[Records from a data collection]
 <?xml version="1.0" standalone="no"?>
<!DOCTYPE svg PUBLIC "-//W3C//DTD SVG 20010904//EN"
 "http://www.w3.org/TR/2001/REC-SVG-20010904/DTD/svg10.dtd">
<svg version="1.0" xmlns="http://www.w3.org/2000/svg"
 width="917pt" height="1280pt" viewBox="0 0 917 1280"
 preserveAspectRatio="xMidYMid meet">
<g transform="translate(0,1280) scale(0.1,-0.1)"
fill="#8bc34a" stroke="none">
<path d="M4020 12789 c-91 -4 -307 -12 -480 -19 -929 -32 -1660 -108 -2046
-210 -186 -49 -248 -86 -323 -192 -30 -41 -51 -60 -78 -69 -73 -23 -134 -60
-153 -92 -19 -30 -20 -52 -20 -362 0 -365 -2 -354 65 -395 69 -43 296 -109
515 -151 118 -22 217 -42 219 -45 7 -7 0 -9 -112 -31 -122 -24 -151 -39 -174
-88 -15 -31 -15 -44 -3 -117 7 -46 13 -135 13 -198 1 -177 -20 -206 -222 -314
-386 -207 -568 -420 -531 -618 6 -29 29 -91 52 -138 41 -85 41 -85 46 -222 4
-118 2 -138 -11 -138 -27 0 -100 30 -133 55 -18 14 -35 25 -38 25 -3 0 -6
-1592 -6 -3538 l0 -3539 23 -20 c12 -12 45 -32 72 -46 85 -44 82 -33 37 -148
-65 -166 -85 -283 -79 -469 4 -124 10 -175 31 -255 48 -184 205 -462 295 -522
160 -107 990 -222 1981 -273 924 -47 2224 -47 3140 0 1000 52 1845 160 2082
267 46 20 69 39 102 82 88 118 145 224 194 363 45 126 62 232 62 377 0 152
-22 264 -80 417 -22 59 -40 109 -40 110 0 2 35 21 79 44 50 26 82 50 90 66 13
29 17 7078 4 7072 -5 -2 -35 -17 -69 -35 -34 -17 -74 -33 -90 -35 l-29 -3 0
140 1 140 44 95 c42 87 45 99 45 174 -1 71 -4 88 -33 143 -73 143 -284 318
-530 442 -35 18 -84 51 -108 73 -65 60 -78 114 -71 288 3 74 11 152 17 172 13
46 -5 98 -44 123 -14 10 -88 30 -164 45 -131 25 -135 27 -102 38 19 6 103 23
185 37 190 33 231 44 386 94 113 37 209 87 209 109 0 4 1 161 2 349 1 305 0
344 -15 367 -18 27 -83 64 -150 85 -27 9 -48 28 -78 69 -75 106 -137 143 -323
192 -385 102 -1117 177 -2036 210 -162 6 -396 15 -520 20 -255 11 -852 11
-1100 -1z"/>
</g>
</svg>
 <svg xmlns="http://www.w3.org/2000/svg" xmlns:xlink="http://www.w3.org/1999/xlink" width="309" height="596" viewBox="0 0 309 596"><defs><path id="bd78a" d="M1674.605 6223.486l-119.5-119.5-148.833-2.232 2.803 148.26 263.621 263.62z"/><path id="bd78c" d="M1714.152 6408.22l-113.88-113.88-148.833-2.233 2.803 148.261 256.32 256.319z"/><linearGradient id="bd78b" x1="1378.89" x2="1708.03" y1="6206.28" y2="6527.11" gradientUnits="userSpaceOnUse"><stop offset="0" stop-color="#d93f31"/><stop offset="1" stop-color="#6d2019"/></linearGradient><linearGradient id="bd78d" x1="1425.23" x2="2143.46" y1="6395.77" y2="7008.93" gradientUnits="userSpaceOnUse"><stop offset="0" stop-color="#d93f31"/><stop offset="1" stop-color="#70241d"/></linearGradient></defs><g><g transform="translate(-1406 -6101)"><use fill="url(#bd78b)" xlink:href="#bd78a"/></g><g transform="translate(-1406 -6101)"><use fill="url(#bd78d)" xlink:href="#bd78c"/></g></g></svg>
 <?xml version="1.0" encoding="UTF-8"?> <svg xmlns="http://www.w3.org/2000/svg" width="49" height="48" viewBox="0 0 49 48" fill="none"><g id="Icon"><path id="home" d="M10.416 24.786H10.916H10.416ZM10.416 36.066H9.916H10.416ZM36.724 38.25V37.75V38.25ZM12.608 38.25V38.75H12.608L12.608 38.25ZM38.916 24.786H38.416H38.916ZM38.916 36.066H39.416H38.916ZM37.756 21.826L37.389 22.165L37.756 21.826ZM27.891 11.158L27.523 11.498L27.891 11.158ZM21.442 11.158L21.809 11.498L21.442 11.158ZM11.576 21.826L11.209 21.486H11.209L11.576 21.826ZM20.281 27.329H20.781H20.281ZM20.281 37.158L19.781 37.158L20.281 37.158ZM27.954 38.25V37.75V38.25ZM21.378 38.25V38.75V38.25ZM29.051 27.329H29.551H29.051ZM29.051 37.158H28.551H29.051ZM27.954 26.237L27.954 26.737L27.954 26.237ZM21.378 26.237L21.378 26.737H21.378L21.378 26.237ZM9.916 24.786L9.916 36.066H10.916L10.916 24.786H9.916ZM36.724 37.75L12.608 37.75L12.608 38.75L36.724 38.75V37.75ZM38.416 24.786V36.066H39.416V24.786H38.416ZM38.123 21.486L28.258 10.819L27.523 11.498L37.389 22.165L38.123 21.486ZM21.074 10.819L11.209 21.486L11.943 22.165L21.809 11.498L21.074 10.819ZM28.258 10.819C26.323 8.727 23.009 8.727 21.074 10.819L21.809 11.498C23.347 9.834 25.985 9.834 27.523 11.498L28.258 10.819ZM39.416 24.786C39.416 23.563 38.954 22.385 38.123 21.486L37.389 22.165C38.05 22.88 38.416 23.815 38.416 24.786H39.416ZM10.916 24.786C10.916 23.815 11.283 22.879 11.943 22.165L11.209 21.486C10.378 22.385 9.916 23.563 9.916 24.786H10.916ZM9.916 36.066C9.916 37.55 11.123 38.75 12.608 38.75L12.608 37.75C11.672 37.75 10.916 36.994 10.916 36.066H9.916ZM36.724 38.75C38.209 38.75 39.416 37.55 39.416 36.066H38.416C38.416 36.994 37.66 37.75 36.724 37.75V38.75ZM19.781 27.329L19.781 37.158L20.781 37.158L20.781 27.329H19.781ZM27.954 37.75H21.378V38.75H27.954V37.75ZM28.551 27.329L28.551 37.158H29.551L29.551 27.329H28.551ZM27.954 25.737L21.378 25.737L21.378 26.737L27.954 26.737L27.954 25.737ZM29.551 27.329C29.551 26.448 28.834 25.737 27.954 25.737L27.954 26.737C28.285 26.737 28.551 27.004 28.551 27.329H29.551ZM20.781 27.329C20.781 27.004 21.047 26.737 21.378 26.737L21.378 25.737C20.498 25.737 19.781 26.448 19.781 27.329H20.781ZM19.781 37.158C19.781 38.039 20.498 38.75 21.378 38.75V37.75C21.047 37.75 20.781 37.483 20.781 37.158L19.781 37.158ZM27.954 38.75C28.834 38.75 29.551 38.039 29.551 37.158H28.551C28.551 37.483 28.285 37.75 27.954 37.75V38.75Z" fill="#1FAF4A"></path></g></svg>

● **WORK TASK**
In your response, give all the records again with nothing altered.

● **EXERCISE OUTPUT**
 <?xml version="1.0" standalone="no"?>
<!DOCTYPE svg PUBLIC "-//W3C//DTD SVG 20010904//EN"
 "http://www.w3.org/TR/2001/REC-SVG-20010904/DTD/svg10.dtd">
<svg version="1.0" xmlns="http://www.w3.org/2000/svg"
 width="917pt" height="1280pt" viewBox="0 0 917 1280"
 preserveAspectRatio="xMidYMid meet">
<g transform="translate(0,1280) scale(0.1,-0.1)"
fill="#8bc34a" stroke="none">
<path d="M4020 12789 c-91 -4 -307 -12 -480 -19 -929 -32 -1660 -108 -2046
-210 -186 -49 -248 -86 -323 -192 -30 -41 -51 -60 -78 -69 -73 -23 -134 -60
-153 -92 -19 -30 -20 -52 -20 -362 0 -365 -2 -354 65 -395 69 -43 296 -109
515 -151 118 -22 217 -42 219 -45 7 -7 0 -9 -112 -31 -122 -24 -151 -39 -174
-88 -15 -31 -15 -44 -3 -117 7 -46 13 -135 13 -198 1 -177 -20 -206 -222 -314
-386 -207 -568 -420 -531 -618 6 -29 29 -91 52 -138 41 -85 41 -85 46 -222 4
-118 2 -138 -11 -138 -27 0 -100 30 -133 55 -18 14 -35 25 -38 25 -3 0 -6
-1592 -6 -3538 l0 -3539 23 -20 c12 -12 45 -32 72 -46 85 -44 82 -33 37 -148
-65 -166 -85 -283 -79 -469 4 -124 10 -175 31 -255 48 -184 205 -462 295 -522
160 -107 990 -222 1981 -273 924 -47 2224 -47 3140 0 1000 52 1845 160 2082
267 46 20 69 39 102 82 88 118 145 224 194 363 45 126 62 232 62 377 0 152
-22 264 -80 417 -22 59 -40 109 -40 110 0 2 35 21 79 44 50 26 82 50 90 66 13
29 17 7078 4 7072 -5 -2 -35 -17 -69 -35 -34 -17 -74 -33 -90 -35 l-29 -3 0
140 1 140 44 95 c42 87 45 99 45 174 -1 71 -4 88 -33 143 -73 143 -284 318
-530 442 -35 18 -84 51 -108 73 -65 60 -78 114 -71 288 3 74 11 152 17 172 13
46 -5 98 -44 123 -14 10 -88 30 -164 45 -131 25 -135 27 -102 38 19 6 103 23
185 37 190 33 231 44 386 94 113 37 209 87 209 109 0 4 1 161 2 349 1 305 0
344 -15 367 -18 27 -83 64 -150 85 -27 9 -48 28 -78 69 -75 106 -137 143 -323
192 -385 102 -1117 177 -2036 210 -162 6 -396 15 -520 20 -255 11 -852 11
-1100 -1z"/>
</g>
</svg>
 <svg xmlns="http://www.w3.org/2000/svg" xmlns:xlink="http://www.w3.org/1999/xlink" width="309" height="596" viewBox="0 0 309 596"><defs><path id="bd78a" d="M1674.605 6223.486l-119.5-119.5-148.833-2.232 2.803 148.26 263.621 263.62z"/><path id="bd78c" d="M1714.152 6408.22l-113.88-113.88-148.833-2.233 2.803 148.261 256.32 256.319z"/><linearGradient id="bd78b" x1="1378.89" x2="1708.03" y1="6206.28" y2="6527.11" gradientUnits="userSpaceOnUse"><stop offset="0" stop-color="#d93f31"/><stop offset="1" stop-color="#6d2019"/></linearGradient><linearGradient id="bd78d" x1="1425.23" x2="2143.46" y1="6395.77" y2="7008.93" gradientUnits="userSpaceOnUse"><stop offset="0" stop-color="#d93f31"/><stop offset="1" stop-color="#70241d"/></linearGradient></defs><g><g transform="translate(-1406 -6101)"><use fill="url(#bd78b)" xlink:href="#bd78a"/></g><g transform="translate(-1406 -6101)"><use fill="url(#bd78d)" xlink:href="#bd78c"/></g></g></svg>
 <?xml version="1.0" encoding="UTF-8"?> <svg xmlns="http://www.w3.org/2000/svg" width="49" height="48" viewBox="0 0 49 48" fill="none"><g id="Icon"><path id="home" d="M10.416 24.786H10.916H10.416ZM10.416 36.066H9.916H10.416ZM36.724 38.25V37.75V38.25ZM12.608 38.25V38.75H12.608L12.608 38.25ZM38.916 24.786H38.416H38.916ZM38.916 36.066H39.416H38.916ZM37.756 21.826L37.389 22.165L37.756 21.826ZM27.891 11.158L27.523 11.498L27.891 11.158ZM21.442 11.158L21.809 11.498L21.442 11.158ZM11.576 21.826L11.209 21.486H11.209L11.576 21.826ZM20.281 27.329H20.781H20.281ZM20.281 37.158L19.781 37.158L20.281 37.158ZM27.954 38.25V37.75V38.25ZM21.378 38.25V38.75V38.25ZM29.051 27.329H29.551H29.051ZM29.051 37.158H28.551H29.051ZM27.954 26.237L27.954 26.737L27.954 26.237ZM21.378 26.237L21.378 26.737H21.378L21.378 26.237ZM9.916 24.786L9.916 36.066H10.916L10.916 24.786H9.916ZM36.724 37.75L12.608 37.75L12.608 38.75L36.724 38.75V37.75ZM38.416 24.786V36.066H39.416V24.786H38.416ZM38.123 21.486L28.258 10.819L27.523 11.498L37.389 22.165L38.123 21.486ZM21.074 10.819L11.209 21.486L11.943 22.165L21.809 11.498L21.074 10.819ZM28.258 10.819C26.323 8.727 23.009 8.727 21.074 10.819L21.809 11.498C23.347 9.834 25.985 9.834 27.523 11.498L28.258 10.819ZM39.416 24.786C39.416 23.563 38.954 22.385 38.123 21.486L37.389 22.165C38.05 22.88 38.416 23.815 38.416 24.786H39.416ZM10.916 24.786C10.916 23.815 11.283 22.879 11.943 22.165L11.209 21.486C10.378 22.385 9.916 23.563 9.916 24.786H10.916ZM9.916 36.066C9.916 37.55 11.123 38.75 12.608 38.75L12.608 37.75C11.672 37.75 10.916 36.994 10.916 36.066H9.916ZM36.724 38.75C38.209 38.75 39.416 37.55 39.416 36.066H38.416C38.416 36.994 37.66 37.75 36.724 37.75V38.75ZM19.781 27.329L19.781 37.158L20.781 37.158L20.781 27.329H19.781ZM27.954 37.75H21.378V38.75H27.954V37.75ZM28.551 27.329L28.551 37.158H29.551L29.551 27.329H28.551ZM27.954 25.737L21.378 25.737L21.378 26.737L27.954 26.737L27.954 25.737ZM29.551 27.329C29.551 26.448 28.834 25.737 27.954 25.737L27.954 26.737C28.285 26.737 28.551 27.004 28.551 27.329H29.551ZM20.781 27.329C20.781 27.004 21.047 26.737 21.378 26.737L21.378 25.737C20.498 25.737 19.781 26.448 19.781 27.329H20.781ZM19.781 37.158C19.781 38.039 20.498 38.75 21.378 38.75V37.75C21.047 37.75 20.781 37.483 20.781 37.158L19.781 37.158ZM27.954 38.75C28.834 38.75 29.551 38.039 29.551 37.158H28.551C28.551 37.483 28.285 37.75 27.954 37.75V38.75Z" fill="#1FAF4A"></path></g></svg>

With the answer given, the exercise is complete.